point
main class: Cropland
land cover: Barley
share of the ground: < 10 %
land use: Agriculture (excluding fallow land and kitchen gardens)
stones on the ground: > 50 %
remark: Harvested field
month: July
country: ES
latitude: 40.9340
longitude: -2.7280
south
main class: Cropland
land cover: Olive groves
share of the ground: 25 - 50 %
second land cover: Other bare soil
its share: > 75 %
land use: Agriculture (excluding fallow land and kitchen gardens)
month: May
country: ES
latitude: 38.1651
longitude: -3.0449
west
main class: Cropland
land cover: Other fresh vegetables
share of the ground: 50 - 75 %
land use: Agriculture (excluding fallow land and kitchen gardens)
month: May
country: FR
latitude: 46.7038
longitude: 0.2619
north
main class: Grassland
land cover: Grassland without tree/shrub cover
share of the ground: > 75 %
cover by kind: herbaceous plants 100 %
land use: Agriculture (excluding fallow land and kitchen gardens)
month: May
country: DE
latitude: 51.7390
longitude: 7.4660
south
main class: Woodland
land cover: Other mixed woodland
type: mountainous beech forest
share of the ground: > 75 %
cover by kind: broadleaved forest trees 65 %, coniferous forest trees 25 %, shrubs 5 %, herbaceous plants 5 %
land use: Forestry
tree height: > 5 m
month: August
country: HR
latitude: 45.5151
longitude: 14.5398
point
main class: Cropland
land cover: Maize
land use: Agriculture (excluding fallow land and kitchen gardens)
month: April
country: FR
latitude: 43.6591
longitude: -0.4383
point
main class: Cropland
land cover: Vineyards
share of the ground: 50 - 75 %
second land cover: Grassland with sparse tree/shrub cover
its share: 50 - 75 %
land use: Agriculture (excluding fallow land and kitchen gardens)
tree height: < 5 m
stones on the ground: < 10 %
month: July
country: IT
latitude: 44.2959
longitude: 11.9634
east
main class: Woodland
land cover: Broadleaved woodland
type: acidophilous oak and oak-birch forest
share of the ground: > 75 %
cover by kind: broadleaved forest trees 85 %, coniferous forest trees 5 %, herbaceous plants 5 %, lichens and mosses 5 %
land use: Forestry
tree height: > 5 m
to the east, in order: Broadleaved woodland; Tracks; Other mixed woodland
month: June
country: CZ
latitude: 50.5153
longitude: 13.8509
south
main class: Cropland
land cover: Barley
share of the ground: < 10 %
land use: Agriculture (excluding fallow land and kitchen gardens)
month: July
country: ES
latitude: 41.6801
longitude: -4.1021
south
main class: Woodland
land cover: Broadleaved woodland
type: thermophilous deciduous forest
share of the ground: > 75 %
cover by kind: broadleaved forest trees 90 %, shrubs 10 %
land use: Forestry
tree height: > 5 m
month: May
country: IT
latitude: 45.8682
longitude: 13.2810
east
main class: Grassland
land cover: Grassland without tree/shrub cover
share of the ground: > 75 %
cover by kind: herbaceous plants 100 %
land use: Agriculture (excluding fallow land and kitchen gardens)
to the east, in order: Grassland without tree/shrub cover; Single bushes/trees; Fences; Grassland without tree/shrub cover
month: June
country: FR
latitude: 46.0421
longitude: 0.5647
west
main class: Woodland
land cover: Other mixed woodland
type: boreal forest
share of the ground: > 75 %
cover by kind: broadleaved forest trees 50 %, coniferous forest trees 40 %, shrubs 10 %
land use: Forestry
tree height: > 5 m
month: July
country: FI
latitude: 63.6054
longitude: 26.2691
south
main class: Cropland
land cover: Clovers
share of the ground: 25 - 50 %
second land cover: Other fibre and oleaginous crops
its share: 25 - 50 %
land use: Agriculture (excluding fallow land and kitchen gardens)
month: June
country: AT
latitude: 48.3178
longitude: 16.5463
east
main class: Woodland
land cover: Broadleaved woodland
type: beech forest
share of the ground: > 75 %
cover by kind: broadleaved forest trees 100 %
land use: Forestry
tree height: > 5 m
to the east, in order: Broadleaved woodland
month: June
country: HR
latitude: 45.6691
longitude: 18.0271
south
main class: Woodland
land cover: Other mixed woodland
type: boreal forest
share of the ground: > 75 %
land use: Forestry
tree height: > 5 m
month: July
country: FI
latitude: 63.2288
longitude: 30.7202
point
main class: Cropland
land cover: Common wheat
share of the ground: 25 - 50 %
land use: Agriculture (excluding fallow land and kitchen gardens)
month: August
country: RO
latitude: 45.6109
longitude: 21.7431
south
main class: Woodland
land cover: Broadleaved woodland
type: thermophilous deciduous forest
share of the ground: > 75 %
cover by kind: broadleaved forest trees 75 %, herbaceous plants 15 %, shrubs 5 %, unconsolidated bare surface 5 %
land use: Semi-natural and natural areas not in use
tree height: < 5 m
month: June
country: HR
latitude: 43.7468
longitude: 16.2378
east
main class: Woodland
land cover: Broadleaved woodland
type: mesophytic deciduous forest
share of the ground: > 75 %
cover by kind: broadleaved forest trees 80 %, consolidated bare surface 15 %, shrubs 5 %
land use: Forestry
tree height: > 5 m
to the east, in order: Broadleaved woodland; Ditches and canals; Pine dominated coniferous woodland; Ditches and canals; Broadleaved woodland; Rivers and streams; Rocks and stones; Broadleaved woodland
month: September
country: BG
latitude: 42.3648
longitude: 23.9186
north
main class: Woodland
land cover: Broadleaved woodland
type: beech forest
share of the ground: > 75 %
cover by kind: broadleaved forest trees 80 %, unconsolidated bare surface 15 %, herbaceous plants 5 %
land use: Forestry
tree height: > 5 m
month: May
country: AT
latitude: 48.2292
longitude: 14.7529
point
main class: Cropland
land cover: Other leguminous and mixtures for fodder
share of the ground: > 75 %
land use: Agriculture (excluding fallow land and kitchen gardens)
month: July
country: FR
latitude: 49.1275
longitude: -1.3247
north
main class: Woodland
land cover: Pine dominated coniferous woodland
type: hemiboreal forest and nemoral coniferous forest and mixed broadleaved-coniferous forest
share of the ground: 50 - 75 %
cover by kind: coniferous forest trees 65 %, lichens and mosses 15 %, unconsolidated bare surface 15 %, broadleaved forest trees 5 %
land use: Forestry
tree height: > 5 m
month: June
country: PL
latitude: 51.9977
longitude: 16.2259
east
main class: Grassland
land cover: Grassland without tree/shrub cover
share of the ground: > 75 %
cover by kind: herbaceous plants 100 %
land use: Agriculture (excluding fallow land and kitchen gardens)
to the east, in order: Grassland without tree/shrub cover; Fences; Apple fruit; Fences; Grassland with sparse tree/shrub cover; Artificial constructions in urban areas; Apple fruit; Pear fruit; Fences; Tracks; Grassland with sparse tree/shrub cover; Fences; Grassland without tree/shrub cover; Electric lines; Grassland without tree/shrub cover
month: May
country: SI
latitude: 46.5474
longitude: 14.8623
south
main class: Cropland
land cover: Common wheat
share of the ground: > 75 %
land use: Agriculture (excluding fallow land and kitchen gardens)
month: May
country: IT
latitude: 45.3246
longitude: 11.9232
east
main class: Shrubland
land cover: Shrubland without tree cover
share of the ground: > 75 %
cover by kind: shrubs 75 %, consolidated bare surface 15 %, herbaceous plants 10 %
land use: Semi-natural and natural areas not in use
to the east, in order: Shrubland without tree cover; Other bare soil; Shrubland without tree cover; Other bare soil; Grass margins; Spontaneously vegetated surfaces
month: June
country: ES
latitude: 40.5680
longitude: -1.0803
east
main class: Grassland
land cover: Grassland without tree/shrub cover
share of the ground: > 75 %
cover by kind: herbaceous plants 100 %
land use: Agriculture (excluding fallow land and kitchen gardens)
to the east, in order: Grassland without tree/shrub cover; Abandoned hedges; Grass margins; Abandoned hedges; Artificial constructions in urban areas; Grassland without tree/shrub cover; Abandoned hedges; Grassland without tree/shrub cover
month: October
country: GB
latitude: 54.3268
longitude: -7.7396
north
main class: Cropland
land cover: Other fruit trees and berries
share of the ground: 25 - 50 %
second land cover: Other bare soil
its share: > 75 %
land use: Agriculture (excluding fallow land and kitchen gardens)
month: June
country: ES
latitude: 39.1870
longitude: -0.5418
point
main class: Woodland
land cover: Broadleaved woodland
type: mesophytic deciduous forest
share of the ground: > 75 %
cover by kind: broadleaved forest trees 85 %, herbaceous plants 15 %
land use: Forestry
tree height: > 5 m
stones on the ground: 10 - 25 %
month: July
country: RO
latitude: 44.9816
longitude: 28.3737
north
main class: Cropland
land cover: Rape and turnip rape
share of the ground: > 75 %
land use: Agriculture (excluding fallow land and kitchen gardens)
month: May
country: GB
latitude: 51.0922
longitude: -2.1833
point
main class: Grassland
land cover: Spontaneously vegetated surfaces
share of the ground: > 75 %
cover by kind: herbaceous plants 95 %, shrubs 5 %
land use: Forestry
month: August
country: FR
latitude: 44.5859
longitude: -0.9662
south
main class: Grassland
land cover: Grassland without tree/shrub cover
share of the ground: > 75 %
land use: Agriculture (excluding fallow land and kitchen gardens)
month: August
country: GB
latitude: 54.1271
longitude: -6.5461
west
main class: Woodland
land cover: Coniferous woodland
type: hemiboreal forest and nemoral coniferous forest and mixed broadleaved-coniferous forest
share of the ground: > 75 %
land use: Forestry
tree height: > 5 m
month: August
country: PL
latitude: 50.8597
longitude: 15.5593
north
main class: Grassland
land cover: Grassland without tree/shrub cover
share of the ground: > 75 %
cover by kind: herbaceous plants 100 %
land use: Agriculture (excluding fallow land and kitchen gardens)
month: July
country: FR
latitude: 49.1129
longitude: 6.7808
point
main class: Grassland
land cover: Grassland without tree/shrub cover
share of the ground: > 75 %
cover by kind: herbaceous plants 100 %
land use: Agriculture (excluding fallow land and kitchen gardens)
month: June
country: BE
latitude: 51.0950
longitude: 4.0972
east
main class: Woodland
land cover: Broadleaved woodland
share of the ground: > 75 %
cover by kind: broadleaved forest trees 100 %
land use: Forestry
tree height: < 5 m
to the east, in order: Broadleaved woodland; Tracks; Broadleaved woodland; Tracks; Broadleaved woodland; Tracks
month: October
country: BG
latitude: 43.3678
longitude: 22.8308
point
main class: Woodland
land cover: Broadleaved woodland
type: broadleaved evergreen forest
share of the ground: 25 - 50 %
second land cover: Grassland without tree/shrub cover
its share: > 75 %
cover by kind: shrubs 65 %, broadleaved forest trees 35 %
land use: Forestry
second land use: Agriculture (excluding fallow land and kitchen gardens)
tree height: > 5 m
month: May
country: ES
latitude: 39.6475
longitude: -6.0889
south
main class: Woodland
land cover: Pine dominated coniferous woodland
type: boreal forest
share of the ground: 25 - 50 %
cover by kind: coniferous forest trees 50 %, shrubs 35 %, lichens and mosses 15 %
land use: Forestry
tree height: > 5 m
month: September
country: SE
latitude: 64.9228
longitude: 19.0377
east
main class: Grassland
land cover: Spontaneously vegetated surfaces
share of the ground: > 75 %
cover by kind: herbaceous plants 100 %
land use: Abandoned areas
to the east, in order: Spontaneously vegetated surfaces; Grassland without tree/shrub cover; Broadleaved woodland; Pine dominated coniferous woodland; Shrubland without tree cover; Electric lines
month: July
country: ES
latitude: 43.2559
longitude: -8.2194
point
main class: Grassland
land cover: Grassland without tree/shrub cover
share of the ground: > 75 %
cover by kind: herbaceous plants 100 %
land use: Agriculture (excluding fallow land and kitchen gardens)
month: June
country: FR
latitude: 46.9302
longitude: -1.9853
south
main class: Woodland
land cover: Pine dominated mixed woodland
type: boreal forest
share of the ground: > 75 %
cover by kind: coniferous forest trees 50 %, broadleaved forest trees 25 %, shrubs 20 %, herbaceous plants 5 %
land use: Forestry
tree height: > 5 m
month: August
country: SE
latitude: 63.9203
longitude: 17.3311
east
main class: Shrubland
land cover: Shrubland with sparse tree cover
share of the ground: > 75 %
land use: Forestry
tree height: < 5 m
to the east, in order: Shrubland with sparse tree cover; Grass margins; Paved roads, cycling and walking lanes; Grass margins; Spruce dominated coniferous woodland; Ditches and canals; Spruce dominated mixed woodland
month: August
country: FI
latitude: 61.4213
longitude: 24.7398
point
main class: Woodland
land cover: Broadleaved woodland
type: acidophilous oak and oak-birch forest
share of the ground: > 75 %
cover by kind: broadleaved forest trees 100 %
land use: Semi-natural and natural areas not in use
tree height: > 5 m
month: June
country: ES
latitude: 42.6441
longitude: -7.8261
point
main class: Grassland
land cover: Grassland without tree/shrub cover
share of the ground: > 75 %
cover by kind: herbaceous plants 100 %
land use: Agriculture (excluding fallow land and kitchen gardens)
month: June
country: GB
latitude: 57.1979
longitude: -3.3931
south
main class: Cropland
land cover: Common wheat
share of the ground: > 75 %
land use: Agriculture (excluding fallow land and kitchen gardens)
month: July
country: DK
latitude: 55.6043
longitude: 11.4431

|---|

Copy every line of the data above in which the string "Electric" appears.

Answer to this problem:
to the east, in order: Grassland without tree/shrub cover; Fences; Apple fruit; Fences; Grassland with sparse tree/shrub cover; Artificial constructions in urban areas; Apple fruit; Pear fruit; Fences; Tracks; Grassland with sparse tree/shrub cover; Fences; Grassland without tree/shrub cover; Electric lines; Grassland without tree/shrub cover
to the east, in order: Spontaneously vegetated surfaces; Grassland without tree/shrub cover; Broadleaved woodland; Pine dominated coniferous woodland; Shrubland without tree cover; Electric lines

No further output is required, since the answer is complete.